But that has not stopped the president from repeating such false or misleading claims, in part because advisers say his key midterm strategy is to fuel Republican turnout by riling up his most avid supporters, often through frightening and emotional appeals.
Toronto Star: “Donald Trump’s strategy as midterms approach: lies and fear-mongering”:
Democrats will kick seniors off their health insurance. Democrats will end insurance protections for people with health problems. Democrats will destroy the Social Security retirement system. Democrats will give illegal immigrants free cars. Democrats will abolish America’s borders. Democrats are behind the latest migrant caravan from Latin America.
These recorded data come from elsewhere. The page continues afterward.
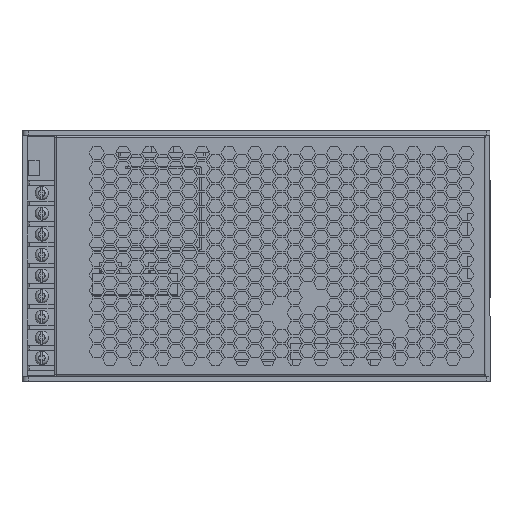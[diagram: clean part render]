
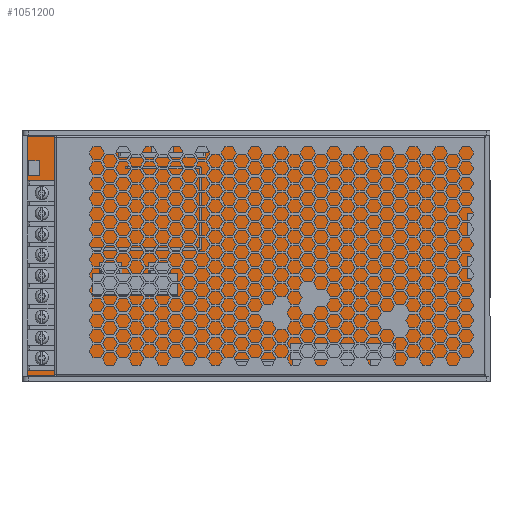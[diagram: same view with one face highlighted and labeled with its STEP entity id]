
A CAD part, top view. The second image highlights one B-rep face of the part: STEP entity #1051200.
In plain terms, the highlighted planar face has unit normal (0, 0, 1).
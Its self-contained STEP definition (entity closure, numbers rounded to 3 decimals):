
#1049210=CARTESIAN_POINT('',(254.759,276.074,
8.6));
#1049220=DIRECTION('',(0.,0.,1.));
#1049230=DIRECTION('',(1.,0.,0.));
#1049240=AXIS2_PLACEMENT_3D('',#1049210,#1049220,#1049230);
#1049250=PLANE('',#1049240);
#1049260=CARTESIAN_POINT('',(254.759,176.792,
8.6));
#1049270=DIRECTION('',(1.,0.,0.));
#1049280=VECTOR('',#1049270,1.);
#1049290=LINE('',#1049260,#1049280);
#1049300=CARTESIAN_POINT('',(75.578,176.792,
8.6));
#1049310=VERTEX_POINT('',#1049300);
#1049320=CARTESIAN_POINT('',(85.578,176.792,
8.6));
#1049330=VERTEX_POINT('',#1049320);
#1049340=EDGE_CURVE('',#1049310,#1049330,#1049290,.T.);
#1049350=ORIENTED_EDGE('',*,*,#1049340,.T.);
#1049360=CARTESIAN_POINT('',(75.578,276.074,
8.6));
#1049370=DIRECTION('',(0.,1.,0.));
#1049380=VECTOR('',#1049370,1.);
#1049390=LINE('',#1049360,#1049380);
#1049400=CARTESIAN_POINT('',(75.578,174.792,
8.6));
#1049410=VERTEX_POINT('',#1049400);
#1049420=EDGE_CURVE('',#1049410,#1049310,#1049390,.T.);
#1049430=ORIENTED_EDGE('',*,*,#1049420,.T.);
#1049440=CARTESIAN_POINT('',(254.759,174.792,
8.6));
#1049450=DIRECTION('',(1.,0.,0.));
#1049460=VECTOR('',#1049450,1.);
#1049470=LINE('',#1049440,#1049460);
#1049480=CARTESIAN_POINT('',(50.578,174.792,
8.6));
#1049490=VERTEX_POINT('',#1049480);
#1049500=EDGE_CURVE('',#1049490,#1049410,#1049470,.T.);
#1049510=ORIENTED_EDGE('',*,*,#1049500,.T.);
#1049520=CARTESIAN_POINT('',(50.578,276.074,
8.6));
#1049530=DIRECTION('',(0.,-1.,0.));
#1049540=VECTOR('',#1049530,1.);
#1049550=LINE('',#1049520,#1049540);
#1049560=CARTESIAN_POINT('',(50.578,284.792,
8.6));
#1049570=VERTEX_POINT('',#1049560);
#1049580=EDGE_CURVE('',#1049570,#1049490,#1049550,.T.);
#1049590=ORIENTED_EDGE('',*,*,#1049580,.T.);
#1049600=CARTESIAN_POINT('',(254.759,284.792,
8.6));
#1049610=DIRECTION('',(-1.,0.,0.));
#1049620=VECTOR('',#1049610,1.);
#1049630=LINE('',#1049600,#1049620);
#1049640=CARTESIAN_POINT('',(75.078,284.792,
8.6));
#1049650=VERTEX_POINT('',#1049640);
#1049660=EDGE_CURVE('',#1049650,#1049570,#1049630,.T.);
#1049670=ORIENTED_EDGE('',*,*,#1049660,.T.);
#1049680=CARTESIAN_POINT('',(75.078,276.074,
8.6));
#1049690=DIRECTION('',(0.,-1.,0.));
#1049700=VECTOR('',#1049690,1.);
#1049710=LINE('',#1049680,#1049700);
#1049720=CARTESIAN_POINT('',(75.078,281.292,
8.6));
#1049730=VERTEX_POINT('',#1049720);
#1049740=EDGE_CURVE('',#1049650,#1049730,#1049710,.T.);
#1049750=ORIENTED_EDGE('',*,*,#1049740,.F.);
#1049760=CARTESIAN_POINT('',(254.759,281.292,
8.6));
#1049770=DIRECTION('',(1.,0.,0.));
#1049780=VECTOR('',#1049770,1.);
#1049790=LINE('',#1049760,#1049780);
#1049800=CARTESIAN_POINT('',(149.078,281.292,
8.6));
#1049810=VERTEX_POINT('',#1049800);
#1049820=EDGE_CURVE('',#1049730,#1049810,#1049790,.T.);
#1049830=ORIENTED_EDGE('',*,*,#1049820,.F.);
#1049840=CARTESIAN_POINT('',(149.078,276.074,
8.6));
#1049850=DIRECTION('',(0.,1.,0.));
#1049860=VECTOR('',#1049850,1.);
#1049870=LINE('',#1049840,#1049860);
#1049880=CARTESIAN_POINT('',(149.078,284.792,
8.6));
#1049890=VERTEX_POINT('',#1049880);
#1049900=EDGE_CURVE('',#1049810,#1049890,#1049870,.T.);
#1049910=ORIENTED_EDGE('',*,*,#1049900,.F.);
#1049920=CARTESIAN_POINT('',(254.759,284.792,
8.6));
#1049930=DIRECTION('',(-1.,0.,0.));
#1049940=VECTOR('',#1049930,1.);
#1049950=LINE('',#1049920,#1049940);
#1049960=CARTESIAN_POINT('',(225.578,284.792,
8.6));
#1049970=VERTEX_POINT('',#1049960);
#1049980=EDGE_CURVE('',#1049970,#1049890,#1049950,.T.);
#1049990=ORIENTED_EDGE('',*,*,#1049980,.T.);
#1050000=CARTESIAN_POINT('',(225.578,276.074,
8.6));
#1050010=DIRECTION('',(0.,1.,0.));
#1050020=VECTOR('',#1050010,1.);
#1050030=LINE('',#1050000,#1050020);
#1050040=CARTESIAN_POINT('',(225.578,282.792,
8.6));
#1050050=VERTEX_POINT('',#1050040);
#1050060=EDGE_CURVE('',#1050050,#1049970,#1050030,.T.);
#1050070=ORIENTED_EDGE('',*,*,#1050060,.T.);
#1050080=CARTESIAN_POINT('',(254.759,282.792,
8.6));
#1050090=DIRECTION('',(-1.,0.,0.));
#1050100=VECTOR('',#1050090,1.);
#1050110=LINE('',#1050080,#1050100);
#1050120=CARTESIAN_POINT('',(235.578,282.792,
8.6));
#1050130=VERTEX_POINT('',#1050120);
#1050140=EDGE_CURVE('',#1050130,#1050050,#1050110,.T.);
#1050150=ORIENTED_EDGE('',*,*,#1050140,.T.);
#1050160=CARTESIAN_POINT('',(235.578,276.074,
8.6));
#1050170=DIRECTION('',(0.,1.,0.));
#1050180=VECTOR('',#1050170,1.);
#1050190=LINE('',#1050160,#1050180);
#1050200=CARTESIAN_POINT('',(235.578,284.792,
8.6));
#1050210=VERTEX_POINT('',#1050200);
#1050220=EDGE_CURVE('',#1050130,#1050210,#1050190,.T.);
#1050230=ORIENTED_EDGE('',*,*,#1050220,.F.);
#1050240=CARTESIAN_POINT('',(254.759,284.792,
8.6));
#1050250=DIRECTION('',(-1.,0.,0.));
#1050260=VECTOR('',#1050250,1.);
#1050270=LINE('',#1050240,#1050260);
#1050280=CARTESIAN_POINT('',(258.578,284.792,
8.6));
#1050290=VERTEX_POINT('',#1050280);
#1050300=EDGE_CURVE('',#1050290,#1050210,#1050270,.T.);
#1050310=ORIENTED_EDGE('',*,*,#1050300,.T.);
#1050320=CARTESIAN_POINT('',(258.578,276.074,
8.6));
#1050330=DIRECTION('',(0.,1.,0.));
#1050340=VECTOR('',#1050330,1.);
#1050350=LINE('',#1050320,#1050340);
#1050360=CARTESIAN_POINT('',(258.578,259.292,
8.6));
#1050370=VERTEX_POINT('',#1050360);
#1050380=EDGE_CURVE('',#1050370,#1050290,#1050350,.T.);
#1050390=ORIENTED_EDGE('',*,*,#1050380,.T.);
#1050400=CARTESIAN_POINT('',(254.759,259.292,
8.6));
#1050410=DIRECTION('',(1.,0.,0.));
#1050420=VECTOR('',#1050410,1.);
#1050430=LINE('',#1050400,#1050420);
#1050440=CARTESIAN_POINT('',(257.078,259.292,
8.6));
#1050450=VERTEX_POINT('',#1050440);
#1050460=EDGE_CURVE('',#1050450,#1050370,#1050430,.T.);
#1050470=ORIENTED_EDGE('',*,*,#1050460,.T.);
#1050480=CARTESIAN_POINT('',(257.078,276.074,
8.6));
#1050490=DIRECTION('',(0.,1.,0.));
#1050500=VECTOR('',#1050490,1.);
#1050510=LINE('',#1050480,#1050500);
#1050520=CARTESIAN_POINT('',(257.078,209.292,
8.6));
#1050530=VERTEX_POINT('',#1050520);
#1050540=EDGE_CURVE('',#1050530,#1050450,#1050510,.T.);
#1050550=ORIENTED_EDGE('',*,*,#1050540,.T.);
#1050560=CARTESIAN_POINT('',(254.759,209.292,
8.6));
#1050570=DIRECTION('',(-1.,0.,0.));
#1050580=VECTOR('',#1050570,1.);
#1050590=LINE('',#1050560,#1050580);
#1050600=CARTESIAN_POINT('',(258.578,209.292,
8.6));
#1050610=VERTEX_POINT('',#1050600);
#1050620=EDGE_CURVE('',#1050610,#1050530,#1050590,.T.);
#1050630=ORIENTED_EDGE('',*,*,#1050620,.T.);
#1050640=CARTESIAN_POINT('',(258.578,276.074,
8.6));
#1050650=DIRECTION('',(0.,1.,0.));
#1050660=VECTOR('',#1050650,1.);
#1050670=LINE('',#1050640,#1050660);
#1050680=CARTESIAN_POINT('',(258.578,174.792,
8.6));
#1050690=VERTEX_POINT('',#1050680);
#1050700=EDGE_CURVE('',#1050690,#1050610,#1050670,.T.);
#1050710=ORIENTED_EDGE('',*,*,#1050700,.T.);
#1050720=CARTESIAN_POINT('',(254.759,174.792,
8.6));
#1050730=DIRECTION('',(1.,0.,0.));
#1050740=VECTOR('',#1050730,1.);
#1050750=LINE('',#1050720,#1050740);
#1050760=CARTESIAN_POINT('',(236.078,174.792,
8.6));
#1050770=VERTEX_POINT('',#1050760);
#1050780=EDGE_CURVE('',#1050770,#1050690,#1050750,.T.);
#1050790=ORIENTED_EDGE('',*,*,#1050780,.T.);
#1050800=CARTESIAN_POINT('',(236.078,276.074,
8.6));
#1050810=DIRECTION('',(0.,1.,0.));
#1050820=VECTOR('',#1050810,1.);
#1050830=LINE('',#1050800,#1050820);
#1050840=CARTESIAN_POINT('',(236.078,178.292,
8.6));
#1050850=VERTEX_POINT('',#1050840);
#1050860=EDGE_CURVE('',#1050770,#1050850,#1050830,.T.);
#1050870=ORIENTED_EDGE('',*,*,#1050860,.F.);
#1050880=CARTESIAN_POINT('',(254.759,178.292,
8.6));
#1050890=DIRECTION('',(-1.,0.,0.));
#1050900=VECTOR('',#1050890,1.);
#1050910=LINE('',#1050880,#1050900);
#1050920=CARTESIAN_POINT('',(141.078,178.292,
8.6));
#1050930=VERTEX_POINT('',#1050920);
#1050940=EDGE_CURVE('',#1050850,#1050930,#1050910,.T.);
#1050950=ORIENTED_EDGE('',*,*,#1050940,.F.);
#1050960=CARTESIAN_POINT('',(141.078,276.074,
8.6));
#1050970=DIRECTION('',(0.,-1.,0.));
#1050980=VECTOR('',#1050970,1.);
#1050990=LINE('',#1050960,#1050980);
#1051000=CARTESIAN_POINT('',(141.078,174.792,
8.6));
#1051010=VERTEX_POINT('',#1051000);
#1051020=EDGE_CURVE('',#1050930,#1051010,#1050990,.T.);
#1051030=ORIENTED_EDGE('',*,*,#1051020,.F.);
#1051040=CARTESIAN_POINT('',(254.759,174.792,
8.6));
#1051050=DIRECTION('',(1.,0.,0.));
#1051060=VECTOR('',#1051050,1.);
#1051070=LINE('',#1051040,#1051060);
#1051080=CARTESIAN_POINT('',(85.578,174.792,
8.6));
#1051090=VERTEX_POINT('',#1051080);
#1051100=EDGE_CURVE('',#1051090,#1051010,#1051070,.T.);
#1051110=ORIENTED_EDGE('',*,*,#1051100,.T.);
#1051120=CARTESIAN_POINT('',(85.578,276.074,
8.6));
#1051130=DIRECTION('',(0.,1.,0.));
#1051140=VECTOR('',#1051130,1.);
#1051150=LINE('',#1051120,#1051140);
#1051160=EDGE_CURVE('',#1051090,#1049330,#1051150,.T.);
#1051170=ORIENTED_EDGE('',*,*,#1051160,.F.);
#1051180=EDGE_LOOP('',(#1051170,#1051110,#1051030,#1050950,#1050870,
#1050790,#1050710,#1050630,#1050550,#1050470,#1050390,#1050310,#1050230,
#1050150,#1050070,#1049990,#1049910,#1049830,#1049750,#1049670,#1049590,
#1049510,#1049430,#1049350));
#1051190=FACE_OUTER_BOUND('',#1051180,.T.);
#1051200=ADVANCED_FACE('',(#1051190),#1049250,.T.);

That caravan includes people from the Middle East.
False, false, false, false, false, false, false.
U.S. President Donald Trump made a brief attempt to campaign on his record of accomplishments but, as the November congressional elections approach, he has traded that shiny new positivity for the well-worn tactic that helped him win the presidency in 2016: a blizzard of fear-mongering and lies, many of them about darker-skinned foreigners.
Trump has been a serial liar about just about everything for his entire tenure in office, but he has rarely before deployed so many complete fabrications about so many important subjects at the same time.
His most frequent and significant recent whoppers have centred on immigration, the issue about which his base has been most excited, and health care, the issue polls suggest is most important to the Democratic base.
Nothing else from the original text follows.